The Prince-Bishops of Würzburg resided in the Marienberg Fortress on a hill west of the Main river until the early 18th century. Johann Philipp Franz von Schönborn (1719–1724) moved the court to a palace erected in 1701–1704, the predecessor of the Residence. However, the rather small palace did not, in his opinion, measure up to his position as an absolute monarch – he was looking for something comparable to the Palace of Versailles or Schönbrunn Palace. Having won a sum of 600,000 florins (a fortune at the time) in a court case in the year of his accession, he used the funds to undertake a building project that would proclaim his political standing to all.

In this, he was eagerly supported by two relatives, his uncle the Archbishop of Mainz and Elector of Mainz, Lothar Franz von Schönborn (who confessed to having been possessed by a "Bauwurm", a building bug) and his brother Friedrich Carl von Schönborn, from 1704 to 1734 Imperial Vice-Chancellor in Vienna.

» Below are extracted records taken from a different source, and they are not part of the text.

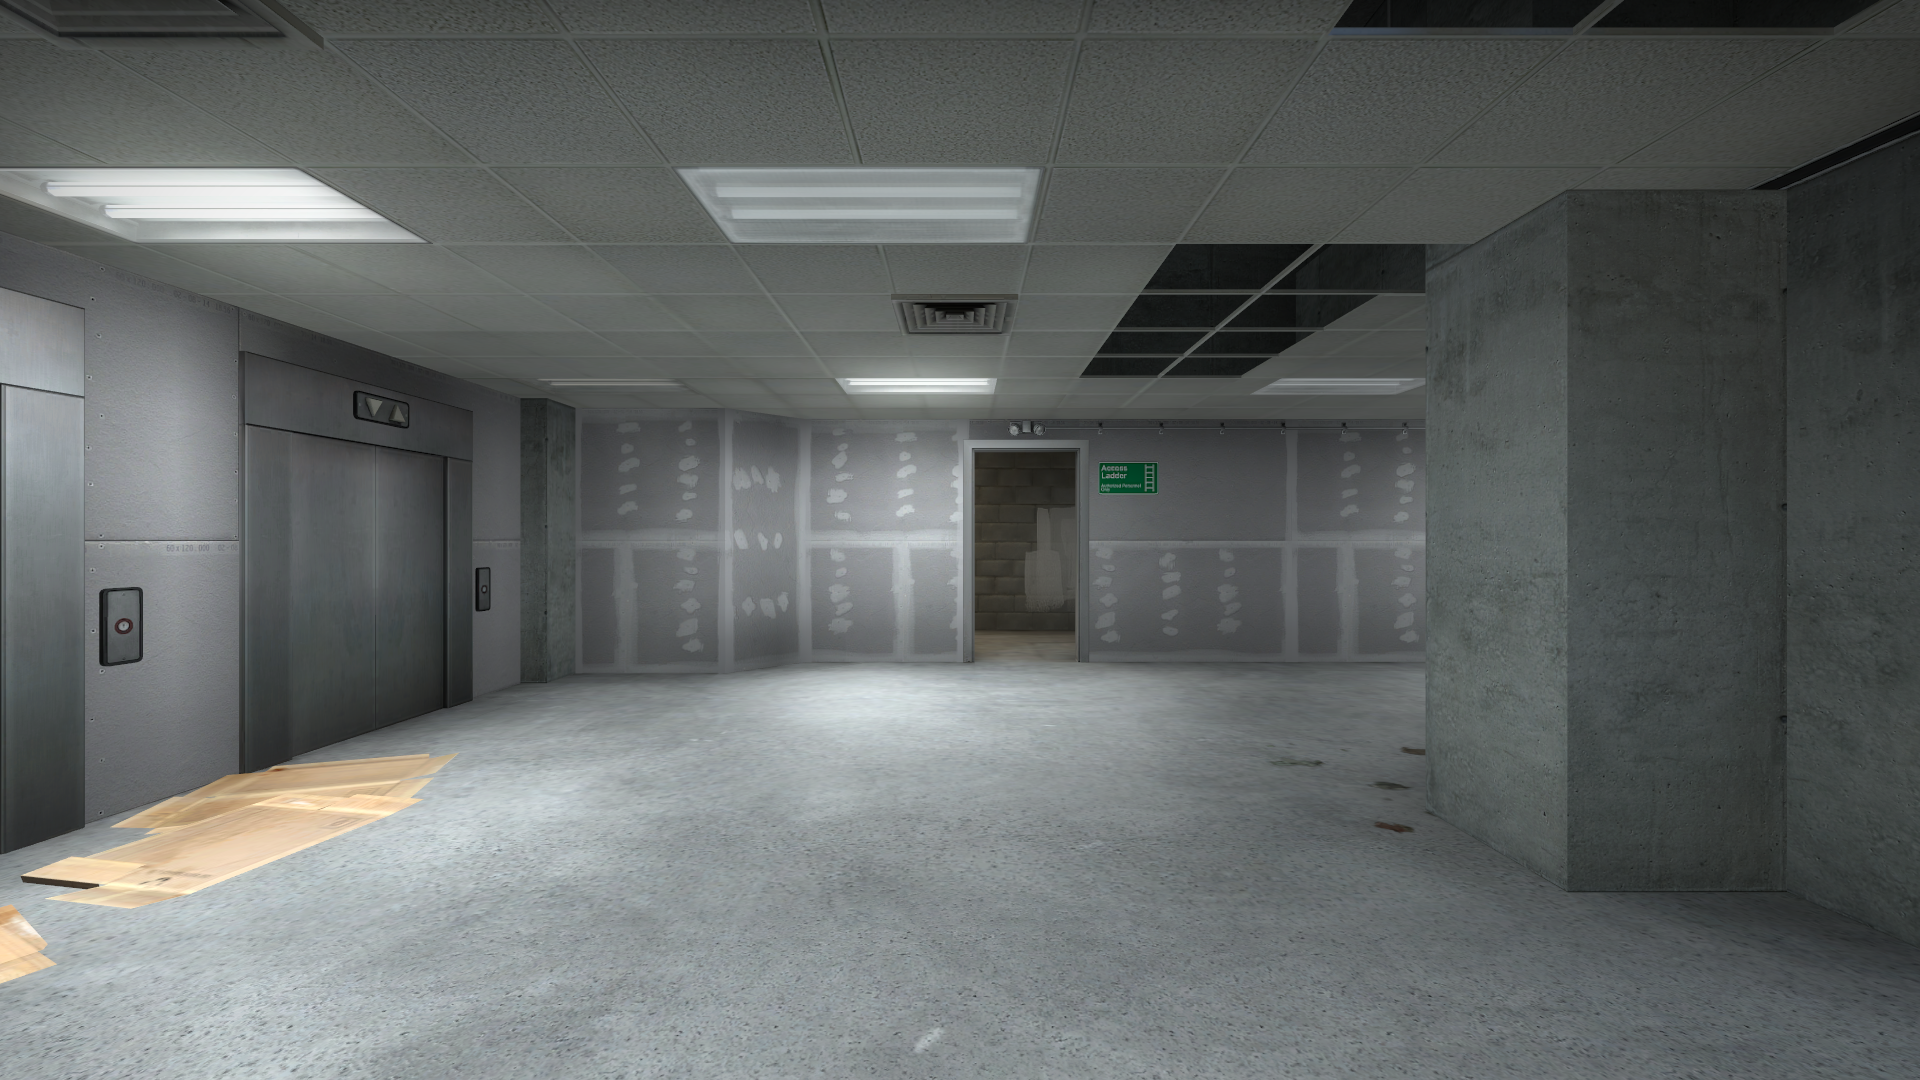
Map: de_vertigo
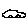
Label: car
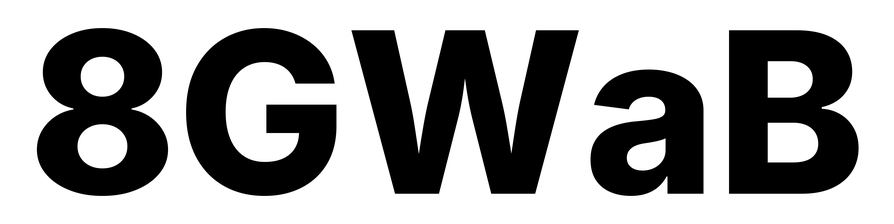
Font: Inter_ExtraBold
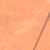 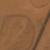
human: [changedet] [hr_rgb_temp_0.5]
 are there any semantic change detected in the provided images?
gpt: A curved road has been edified next to an existing street.
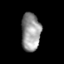
Tissue: skin
Cell type: Epithelial cells
Senescence score: 0.2037
Nuclear area (px): 716
Mean DAPI intensity: 150.71
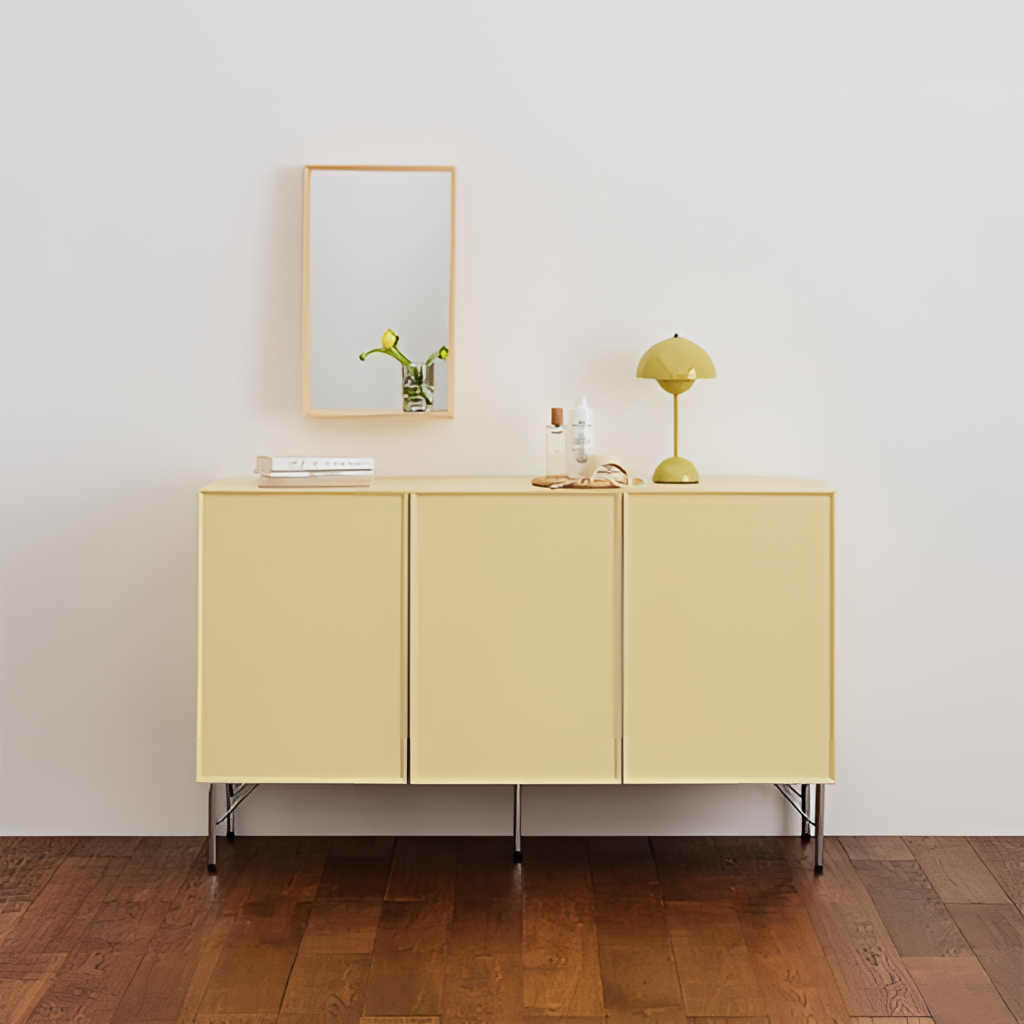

Both supplied ideas and, crucially, artists from their circles. Friedrich Carl had met Hildebrandt in Vienna during the construction of the Belvedere. The foundation stone was laid on 22 May 1720. The construction started with the north block.

However, Johann Phillip Franz' successor, Prince-Bishop Christoph Franz von Hutten (1724–1729) had no great interest in building such an enormous palace. He only wanted the northern block to be finished. This construction was concluded in the year of his death. All other works ceased.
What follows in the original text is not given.